Possible Developments
Ukraine's neighbor to the south is Moldova. This also used to be part of the Soviet Union and contains a region with a Russian majority. In the same week that Crimea declared independence from Ukraine, the troublesome region of Transdniestria also requested to become part of Russia. Putin was never interested in helping the Russian citizens in this enclave in Moldova before, but now it seems he may make a grab for it.
Interestingly, the transfer of Crimea enabled Russia to acquire 41 of Ukraine's 51 naval vessels -- including their only submarine. This seizure leaves Ukraine's remaining coastline, and the great port of Odessa, vulnerable to attack. In the week following the vote in Crimea to join Russia, Putin moved most of his 250,000 troops in the peninsula over to its Western coast. NATO's Supreme Commander in Europe, General Breedlove theorizes that this indicates a new willingness to integrate Transdniestria.
The benefits of Crimea's untapped mineral reserves to Russia are slight. However, there is a vast methane bed beneath the North West corner of the Black Sea in what remains Ukrainian territorial waters.
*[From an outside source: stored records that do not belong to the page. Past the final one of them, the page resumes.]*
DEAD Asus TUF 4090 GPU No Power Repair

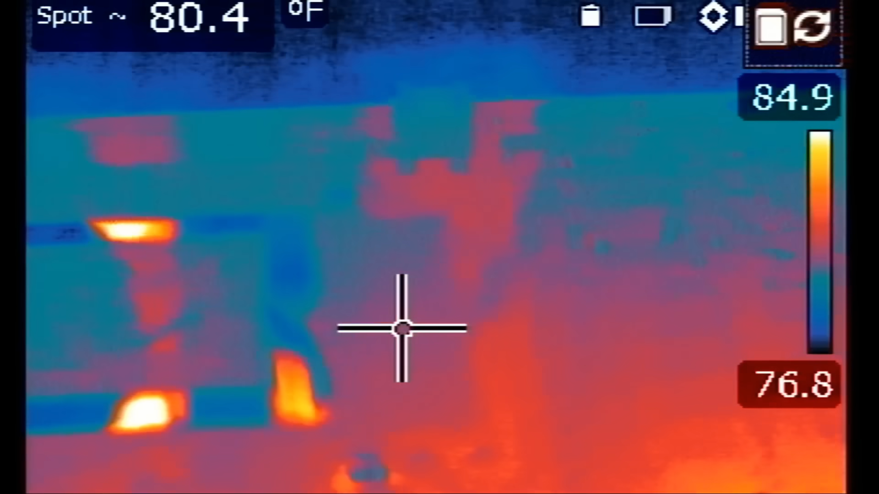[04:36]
On screen: spot 80.4°F, scale top 84.9°F, scale bottom 76.8°F
all right so let's power off the gpu
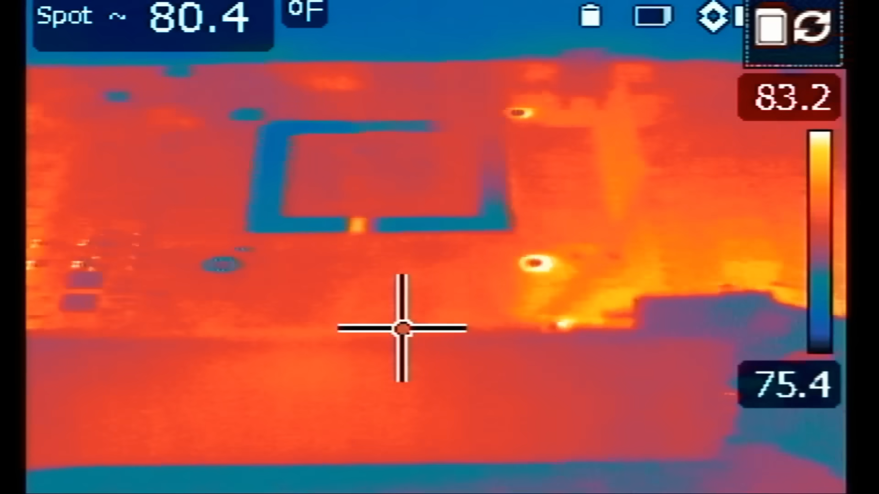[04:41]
On screen: spot 80.4°F
the power supply is now off let's turn on the power supply again
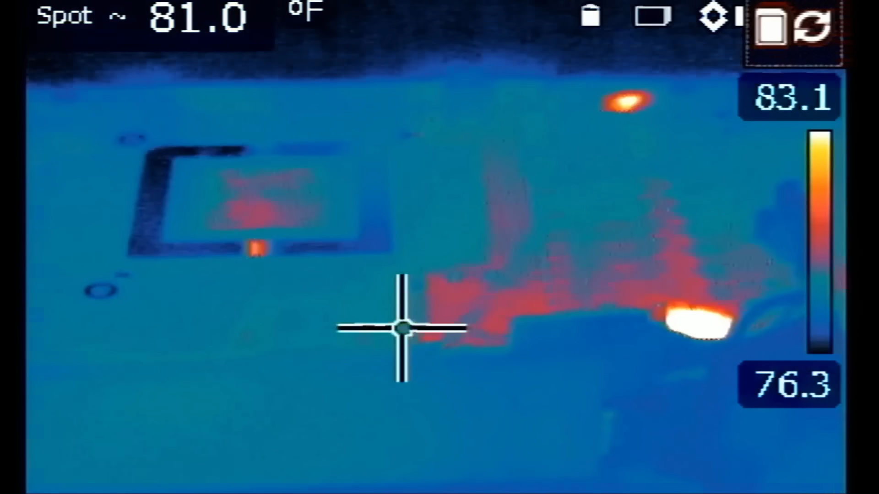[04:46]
On screen: spot 81.0°F
oh i see something on the bottom look at this i see something on the bottom
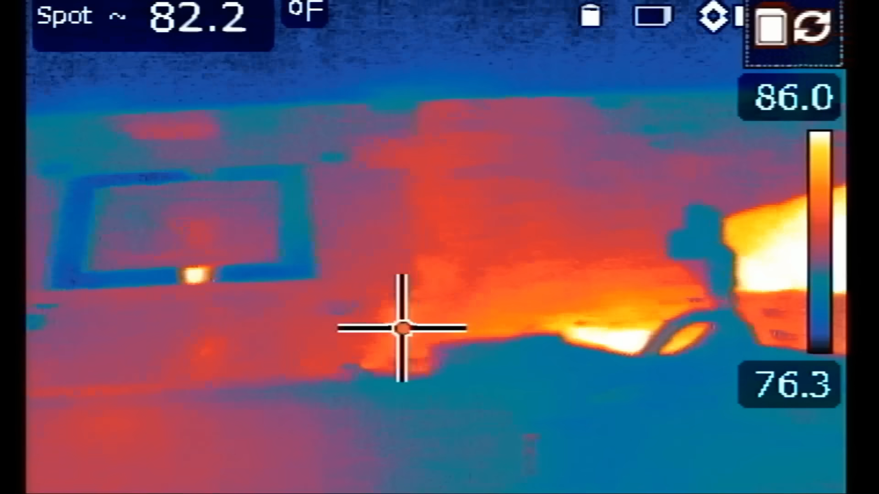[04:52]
On screen: spot 82.2°F
and something lit up on the top one more time
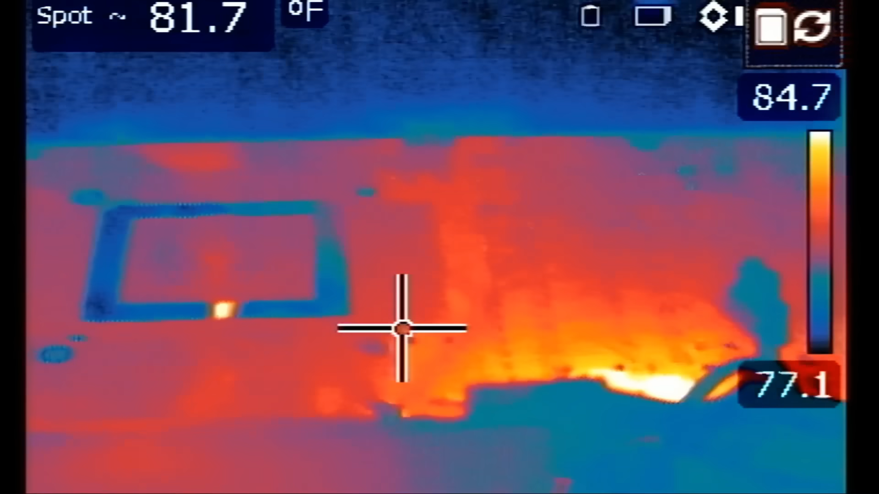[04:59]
On screen: spot 81.7°F
watch
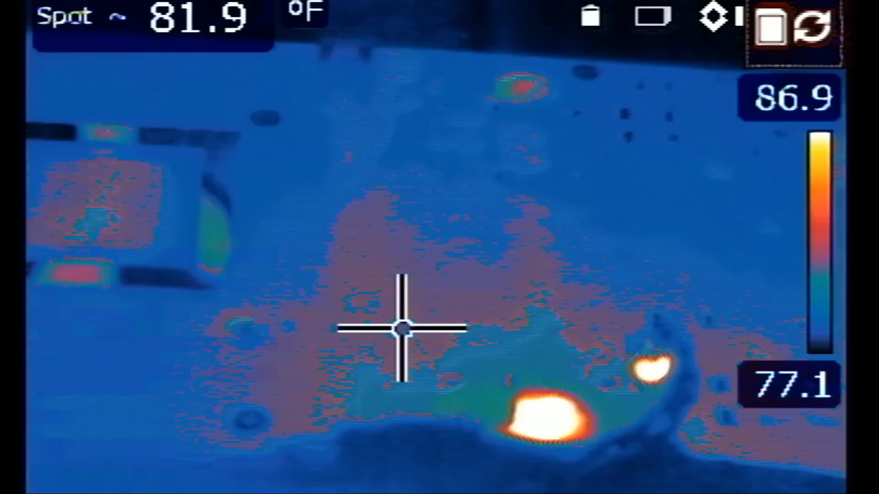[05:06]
On screen: spot 81.9°F
the heat spot on the bottom is still there but the one on top is gone let me disconnect the card

The three remaining coastal province of Ukraine, which include the important port of Odessa, also have large Russian populations and they lie between Crimea and Transdniestria. Integration of these territories would further deny Ukraine the opportunity of energy independence. It would make a vast gas reserve available to Russia and cut Ukraine off from the sea completely.
Russia currently plans to build a southern gas pipeline underwater across the Black Sea from the Caucasus to Bulgaria. Grabbing the remaining Ukrainian coastline would enable the pipeline to be rerouted overland, which would be cheaper both to build and to maintain.
Russia's acquisition of Crimea does not seem worth the money. It gains them resources they don't need and brings them no closer to borders with gas buying EU nations. However, the naval hardware they acquired from Ukraine will bolster the dwindling Russia fleet at Sevastopol. Although Russia has humiliated Ukraine by this action, it has not crippled that country. If the invasion of Crimea is just phase one, with an undefended Odessa and a compliant Transdniestra to follow, the strategy makes financial and political sense.
The sting in the tail for Russia, however, is that the acquisition of Crimea was a wakeup call throughout the governments of Europe. Reservations over tapping Europe's vast shale oil and gas reserves crumbled in the face of the urgency of energy independence. Europe which depends on Russia for one third of its energy needs, has gone into fracking overdrive. A surplus of oil and gas on the continent will not bode well with Putin who relies on high Brent prices to fund his military.